- Occupation: Research scientist at Western Institute (IZ)
- Known for: Forensic investigation into Massacres in Piaśnica

= Barbara Bojarska =

Polish historian, author and long-term research scientist

Barbara Bojarska is a Polish historian, prize-winning author, and former long-term research scientist at the Western Institute (Instytut Zachodni) in Poznań, where she received her doctorate for the work about Massacres in Piaśnica. Her books are devoted almost entirely to history of Pomerania with special focus on the World War II atrocities committed against ethnic Poles by Nazi Germany during Operation Tannenberg.

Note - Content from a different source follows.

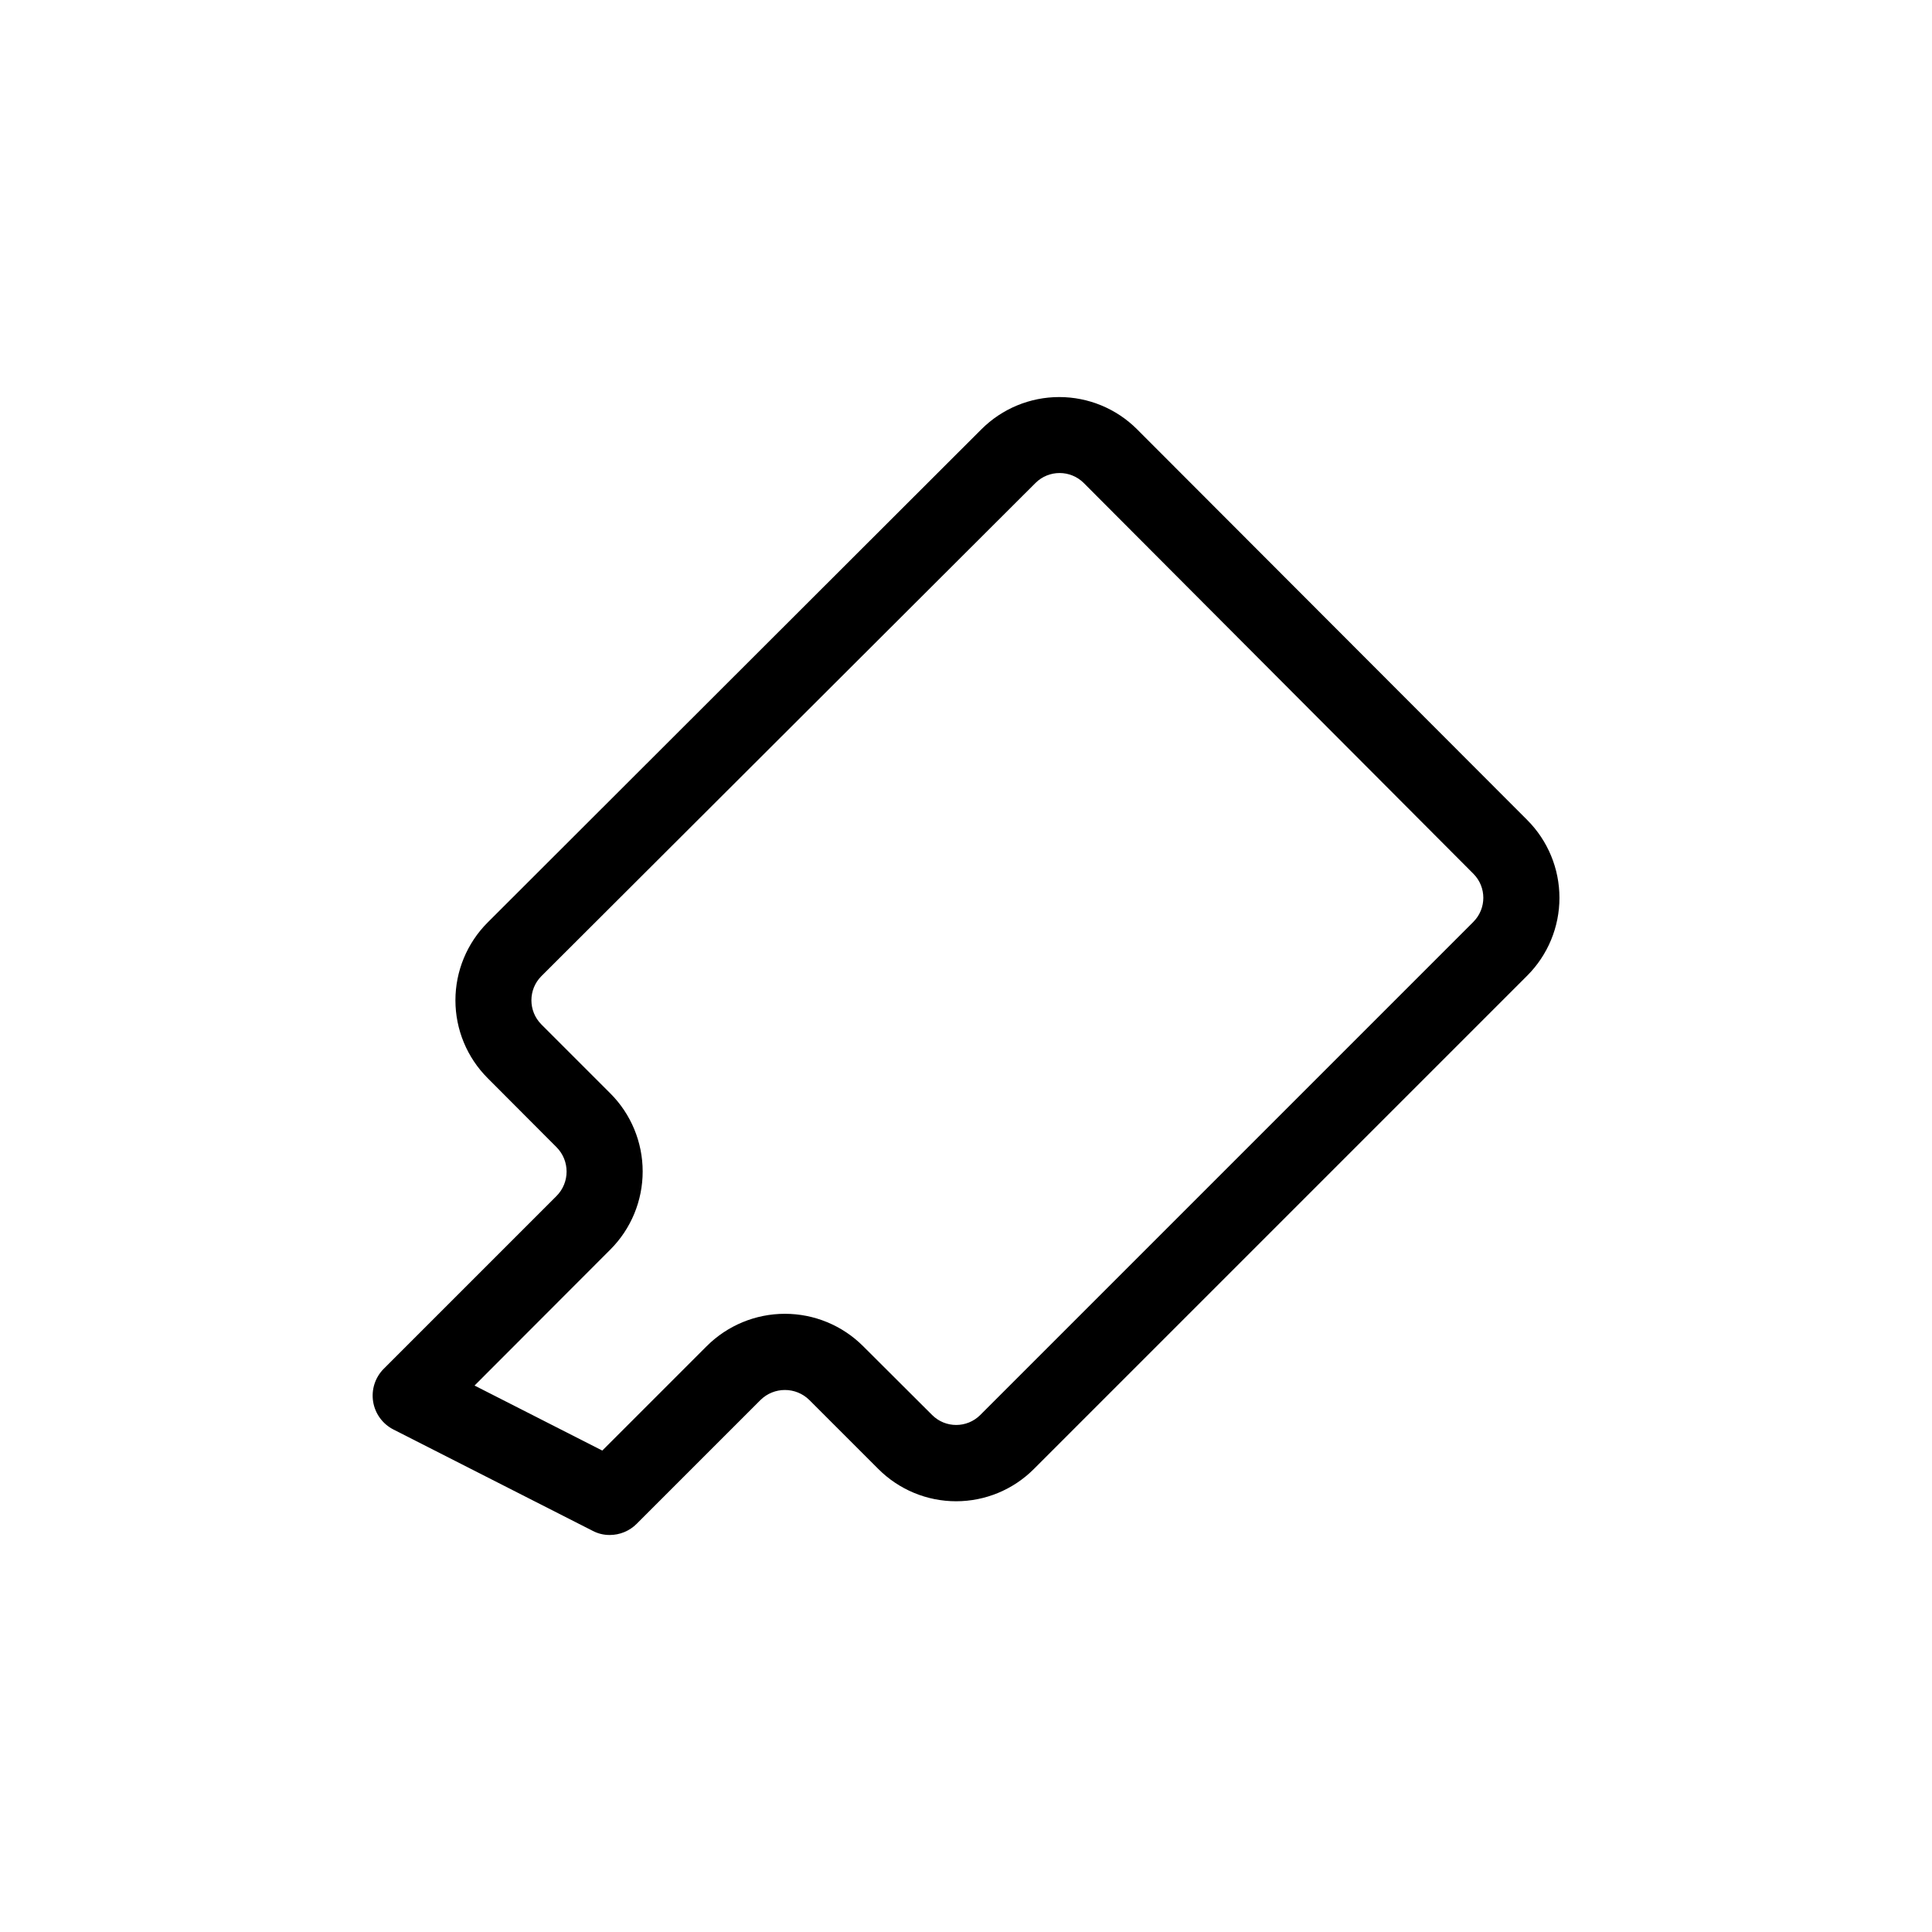 <?xml version="1.0" encoding="UTF-8"?>
<!-- Uploaded to: ICON Repo, www.iconrepo.com, Generator: ICON Repo Mixer Tools -->
<svg fill="#000000" width="800px" height="800px" version="1.1" viewBox="144 144 512 512" xmlns="http://www.w3.org/2000/svg">
 <path d="m548.72 361.3-103.38-103.53c-5.469-5.473-12.891-8.547-20.629-8.547-7.738 0-15.16 3.074-20.633 8.547l-130.84 130.69c-5.473 5.473-8.547 12.895-8.547 20.633s3.074 15.16 8.547 20.629l18.238 18.289c3.57 3.578 3.57 9.367 0 12.949l-45.797 45.797 0.004-0.004c-2.269 2.285-3.309 5.512-2.801 8.691 0.508 3.176 2.504 5.918 5.367 7.383l52.801 26.852c1.395 0.738 2.953 1.121 4.535 1.109 2.684 0 5.258-1.066 7.152-2.973l32.797-32.797c3.59-3.543 9.359-3.543 12.949 0l18.289 18.289v-0.004c5.461 5.473 12.875 8.547 20.605 8.547 7.731 0 15.145-3.074 20.605-8.547l130.74-130.74c5.473-5.469 8.547-12.891 8.547-20.629s-3.074-15.16-8.547-20.633zm-14.258 27.004-130.69 130.69c-3.519 3.516-9.227 3.516-12.746 0l-18.289-18.238c-5.5-5.5-12.957-8.586-20.73-8.586-7.777 0-15.234 3.086-20.734 8.586l-27.66 27.66-33.855-17.23 35.973-36.023c5.496-5.492 8.582-12.941 8.582-20.707 0-7.769-3.086-15.219-8.582-20.707l-18.289-18.289h0.004c-3.492-3.531-3.492-9.215 0-12.746l130.99-130.74h-0.004c3.531-3.488 9.215-3.488 12.746 0l103.28 103.58c3.516 3.523 3.516 9.227 0 12.746z"/>
</svg>

Bojarska began her scientific career at the Institute, as the research aid to Professor Karol Pospieszalski in 1958-1966, director of the Research Department of History of Nazi Occupation of Poland (Zakład Badania Dziejów Okupacji Hitlerowskiej w Polsce). She was traveling between Potsdam and Magdeburg, collecting data about the fate of Poles during the genocidal Intelligenzaktion Pommern. Since then, she wrote numerous publications on the subject widely cited by Polish as well as German historians. Her first ground-breaking research into the Massacres in Piaśnica was published in 1964 when still little was known about it. Her subsequent Piaśnica monograph was released by Zakład Ossolineum in Wrocław in 1978 and since reprinted several times.

==Selected publications==
- Barbara Bojarska (1963), Zbrodnie Selbstschutzu w Łobżenicy, Przegląd Zachodni, pp. 5–6.
- Barbara Bojarska (1965), Obozy zniszczenia na terenie powiatu sępoleńskiego w pierwszych miesiącach okupacji hitlerowskiej, Przegląd Zachodni, p. 123.
- Barbara Bojarska (1965), Obóz w Żabikowie pod Poznaniem, Przegląd Zachodni] XXI/2, pp. 297-306.
- Barbara Bojarska (1965), Eksterminacja ludności polskiej w powiecie Chełmno nad Wisłą w 1939 roku, Przegląd Zachodni XXI/3, pp. 128-142.
- Barbara Bojarska (1966), Zbrodnie niemieckie na terenie powiatu Świecie nad Wisłą (1939 r.), Przegląd Zachodni XXII/1-2, pp. 1–2.
- Barbara Bojarska (1966), Pacyfikacja wsi Wanaty w lutym 1944 roku, Przegląd Zachodni XXII/5-6, p. 5.
- Barbara Bojarska( 1972), Eksterminacja inteligencji polskiej na Pomorzu Gdańskim (wrzesień- grudzień 1939), Poznań: Instytut Zachodni.
- Barbara Bojarska (2001), Piaśnica - miejsce martyrologii i pamięci: z badań nad zbrodniami hitlerowskimi na Pomorzu, Wejherowo, ISBN 83-914705-0-4.
- Barbara Bojarska (2009), Piaśnica. Miejsce martyrologii i pamięci. Z badań nad zbrodniami hitlerowskimi na Pomorzu, Gdańsk: Wydawnictwo BiT (4th expanded edition).